Supplied entries:

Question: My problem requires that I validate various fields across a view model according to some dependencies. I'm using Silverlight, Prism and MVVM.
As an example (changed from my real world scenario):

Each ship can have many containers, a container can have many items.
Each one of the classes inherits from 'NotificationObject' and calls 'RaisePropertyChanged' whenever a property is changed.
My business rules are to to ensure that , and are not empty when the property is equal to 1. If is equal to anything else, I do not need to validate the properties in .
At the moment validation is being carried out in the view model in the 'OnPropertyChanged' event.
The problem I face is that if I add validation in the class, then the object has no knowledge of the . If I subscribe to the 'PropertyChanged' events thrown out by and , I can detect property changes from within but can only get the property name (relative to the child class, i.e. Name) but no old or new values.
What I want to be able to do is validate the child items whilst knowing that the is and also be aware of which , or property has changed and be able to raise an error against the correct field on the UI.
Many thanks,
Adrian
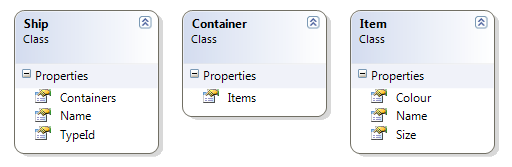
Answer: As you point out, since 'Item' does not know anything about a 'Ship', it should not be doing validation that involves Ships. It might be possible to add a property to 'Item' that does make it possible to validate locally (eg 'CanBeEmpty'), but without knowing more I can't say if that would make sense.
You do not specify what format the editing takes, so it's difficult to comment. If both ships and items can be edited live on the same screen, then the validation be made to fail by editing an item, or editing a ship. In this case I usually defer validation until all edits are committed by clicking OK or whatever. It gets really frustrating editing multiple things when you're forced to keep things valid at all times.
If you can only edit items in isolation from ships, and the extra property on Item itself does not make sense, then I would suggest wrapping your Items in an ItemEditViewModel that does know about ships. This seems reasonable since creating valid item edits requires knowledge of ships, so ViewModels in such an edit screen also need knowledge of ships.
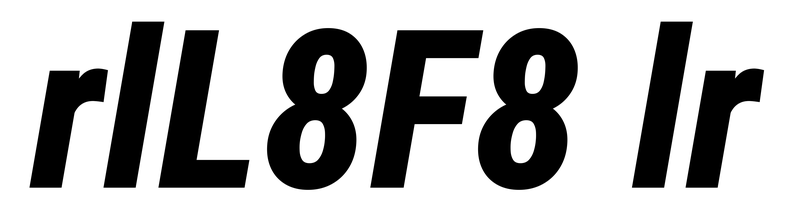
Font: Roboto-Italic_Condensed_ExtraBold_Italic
...
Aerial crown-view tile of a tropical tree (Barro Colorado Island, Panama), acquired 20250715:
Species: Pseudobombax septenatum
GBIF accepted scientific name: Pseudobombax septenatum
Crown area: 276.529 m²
==
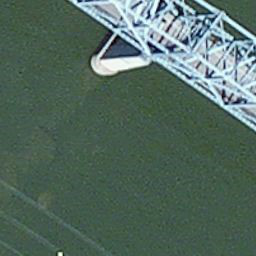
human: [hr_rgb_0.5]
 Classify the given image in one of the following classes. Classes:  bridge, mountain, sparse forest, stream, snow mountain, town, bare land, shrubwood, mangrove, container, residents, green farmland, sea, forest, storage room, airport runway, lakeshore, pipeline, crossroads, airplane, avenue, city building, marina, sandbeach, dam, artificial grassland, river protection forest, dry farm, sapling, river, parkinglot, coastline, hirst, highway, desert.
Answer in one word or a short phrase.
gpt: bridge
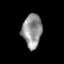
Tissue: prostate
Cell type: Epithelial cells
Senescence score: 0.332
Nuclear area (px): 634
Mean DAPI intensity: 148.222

Work task: Transcribe, exactly and without additions, the lines of the records above, beginning with the line that contains "Classify the given" and ending with the line that contains "Answer in one word or a short phrase.", both included.

Solution to this problem:
 Classify the given image in one of the following classes. Classes:  bridge, mountain, sparse forest, stream, snow mountain, town, bare land, shrubwood, mangrove, container, residents, green farmland, sea, forest, storage room, airport runway, lakeshore, pipeline, crossroads, airplane, avenue, city building, marina, sandbeach, dam, artificial grassland, river protection forest, dry farm, sapling, river, parkinglot, coastline, hirst, highway, desert.
Answer in one word or a short phrase.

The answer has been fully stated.